Pour les activités canadiennes, Maher Yaghi estime que les données démontrent «une certaine faiblesse» avec l’ajout de 2500 abonnés internet et la perte de 8300 abonnés à la télévision. «Ça s’explique par la concurrence de BCE et par la tendance du désabonnement au câble.»

L’analyste financier reconnaît que le prix de l’action est «abordable», s’attend à ce que la croissance soit modeste en 2023 et ne voit pas d’acquisitions potentielles qui pourraient fouetter la croissance aux États-Unis.

Ces pertes combinées à des conditions de marché plus difficile qu’anticipé _ les ménages surveillent de près leurs dépenses dans un contexte inflationniste _ ont amené la direction à réviser à la baisse ses prévisions pour l’exercice 2023.

Cogeco croit que ses revenus augmenteront d’entre 0,5% et 2,0% en 2023, comparativement à une prévision initiale située dans une fourchette entre 2,0% et 4,0%. Le bénéfice avant intérêts, impôts et amortissement (BAIIA) devrait progresser d’entre 0,5% et 2,0% plutôt qu’entre 1,5% et 3,5%.

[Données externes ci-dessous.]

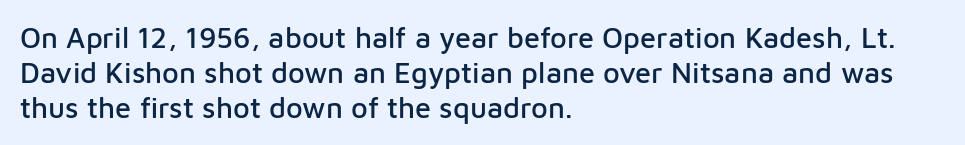
Q: Is the text italic (slanted)? A: No, it is upright.
Q: Is the typeface a serif or a sans-serif typeface? A: Sans-serif.
Q: Is the text underlined? A: No.
Q: How is the paragraph aligned? A: Left-aligned.
Q: Is the spacing between letters normal or unusually wide? A: Normal.
Q: Width (condensed, normal, or wide)? A: Normal.
Q: Stroke contrast? A: Low.
Q: x-height? A: Medium.
Q: Monospaced? A: No.
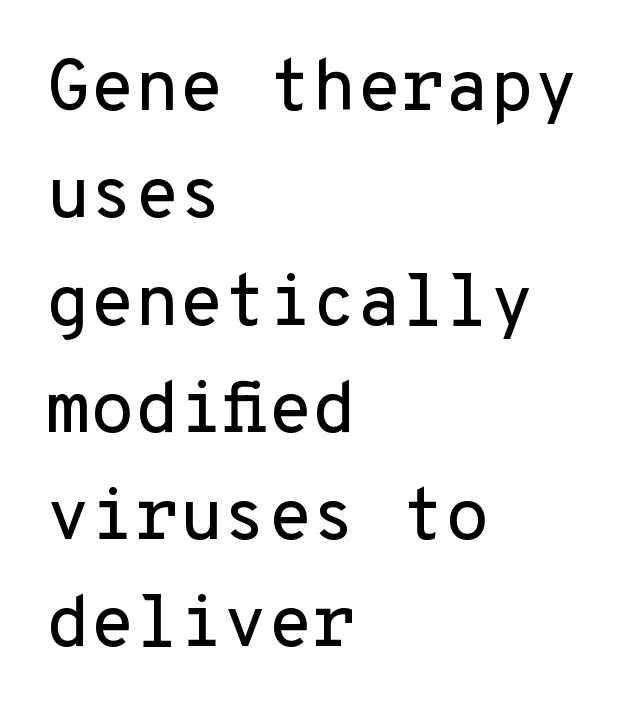
Q: Is the text italic (slanted)? A: No, it is upright.
Q: Is the typeface a serif or a sans-serif typeface? A: Sans-serif.
Q: Is the text underlined? A: No.
Q: How is the paragraph aligned? A: Left-aligned.
Q: Is the spacing between letters normal or unusually wide? A: Normal.
Q: Is the spacing between lines tight, normal or loose? A: Normal.
Q: Width (condensed, normal, or wide)? A: Normal.
Q: Stroke contrast? A: Low.
Q: x-height? A: Medium.
Q: Monospaced? A: Yes.
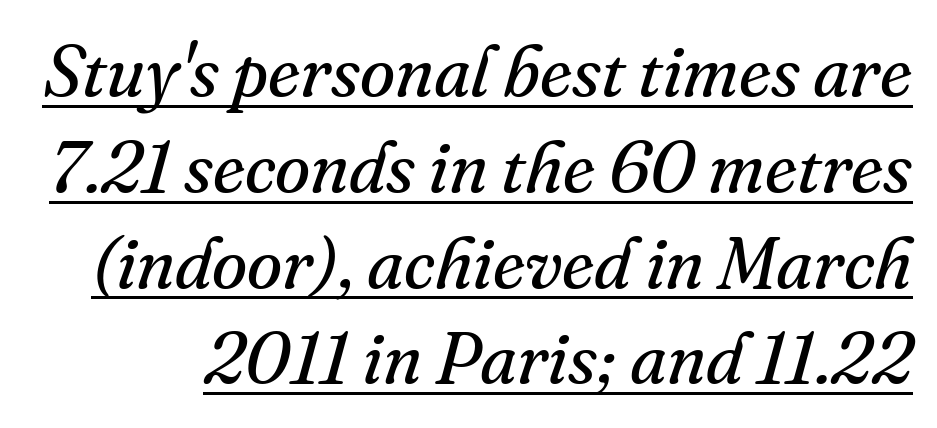
The image shows 72 px regular-weight serif type, italic (leaning right); set normal line spacing (1.33x), normal letter spacing, underlined; medium stroke contrast and a small x-height.
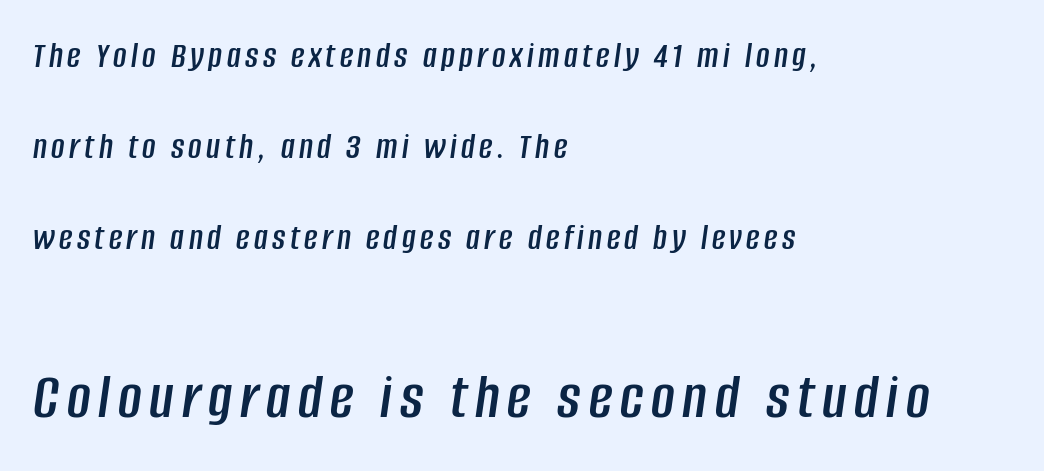
The image shows 65 px condensed type, italic (leaning right); set left-aligned, loose line spacing (2.46x), not underlined; the second (bottom) block is 1.76x larger; low stroke contrast and a large x-height.
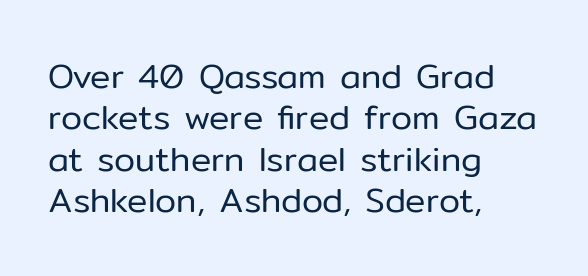
{"serif": "no", "italic": "no", "bold": "no", "weight": "regular", "width": "normal", "stroke_contrast": "low", "x_height": "medium", "monospaced": "no", "underline": "no", "align": "left", "line_spacing_ratio": 1.22, "letter_spacing": "normal", "letter_spacing_em": 0.0, "glyph_px": 34}
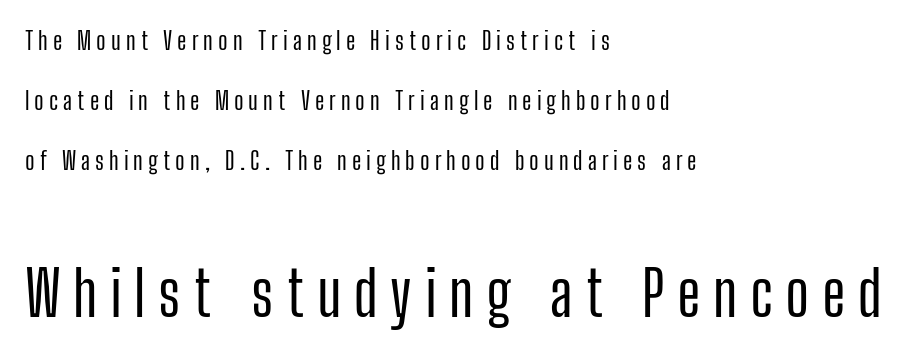
Q: Is the text italic (slanted)? A: No, it is upright.
Q: Is the typeface a serif or a sans-serif typeface? A: Sans-serif.
Q: Is the text underlined? A: No.
Q: How is the paragraph aligned? A: Left-aligned.
Q: Is the spacing between letters normal or unusually wide? A: Unusually wide.
Q: Is the spacing between lines tight, normal or loose? A: Loose.
Q: Which block of text is set in a larger size, the first (top) or the second (bottom)? A: The second (bottom) one.
Q: Width (condensed, normal, or wide)? A: Condensed.
Q: Stroke contrast? A: Low.
Q: x-height? A: Medium.
Q: Monospaced? A: No.
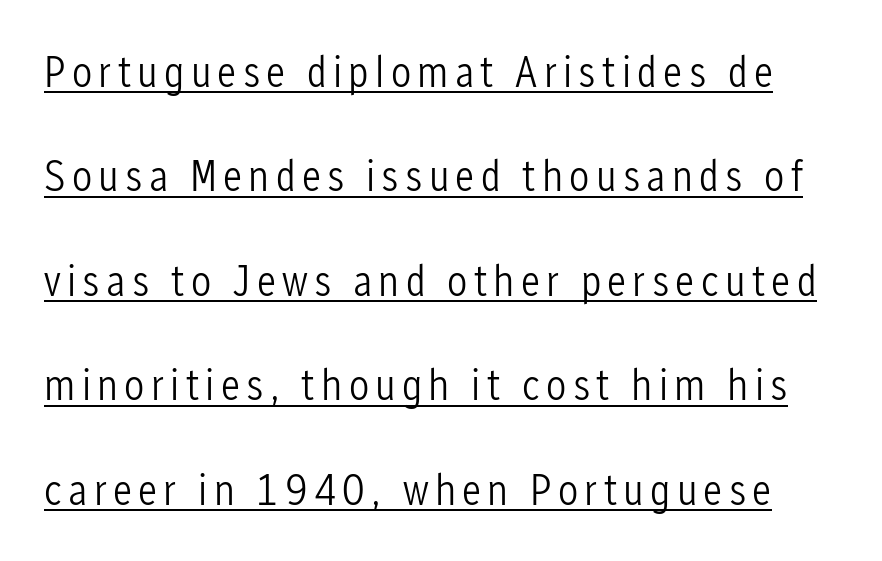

La direction maintient sa prévision d’une diminution d’entre 2% et 12% de ses flux de trésorerie.

Au premier trimestre terminé le 30 novembre, Cogeco a enregistré un bénéfice net de 120,4 millions de dollars, une augmentation de 3,2% par rapport à la même période l’an dernier. Le bénéfice ajusté par action s’est établi à 2,44 $.

Les revenus, pour leur part, ont monté de 6,1% pour atteindre 762,3 M$. Sans l’effet du taux de change, la progression aurait été de 2,3%.

Avant la publication des résultats, les analystes anticipaient un bénéfice par action de 2,28 $ et des revenus de 745,4 M$, selon la firme de données Refinitiv.

L’action de Cogeco perdait, vendredi après-midi, 7,90 $, ou 9,68%, pour se négocier à 73,74 $ à la Bourse de Toronto.